Chemist Bo Li awarded Packard Fellowship

Bo Li is a 2016 Packard Fellow. (photo by Lars Sahl)
Bo Li is a 2016 Packard Fellow. (photo by Lars Sahl)

Bo Li, a chemist at the University of North Carolina at Chapel Hill, has received a 2016 Packard Fellowship in Science and Engineering, awarded to highly creative researchers early in in their careers.

Each of the 18 fellows announced by the David and Lucile Packard Foundation on Oct. 14 will receive a grant of $875,000 over five years to pursue their research.

Li, an assistant professor of chemistry in the College of Arts and Sciences, focuses her research on bioactive small molecules produced by bacteria and the ways in which they may help defend the human body against infectious diseases. Her lab is dedicated to unlocking the hidden chemistry of bacterial genomes and discovering the next generation of antibiotics.

Li joined UNC’s department of chemistry in 2013 after completing a Jane Coffin Childs postdoctoral fellowship at Harvard Medical School. She has a B.S. in biological sciences from Beijing University and earned her Ph.D. in biochemistry from the University of Illinois at Urbana-Champaign in 2009.

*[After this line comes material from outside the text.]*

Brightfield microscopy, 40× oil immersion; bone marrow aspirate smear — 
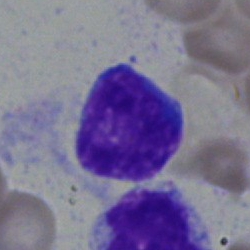Morphology → typical lymphocyte.

The Packard Foundation established the fellowships program in 1988 to provide early-career scientists with flexible funding and the freedom to take risks and explore new frontiers in their fields. It is among the nation’s largest nongovernmental fellowships.

Recipients have gone on to receive awards such as the Nobel Prize in Physics, MacArthur Fellowships and elections to the National Academies of Sciences and Engineering.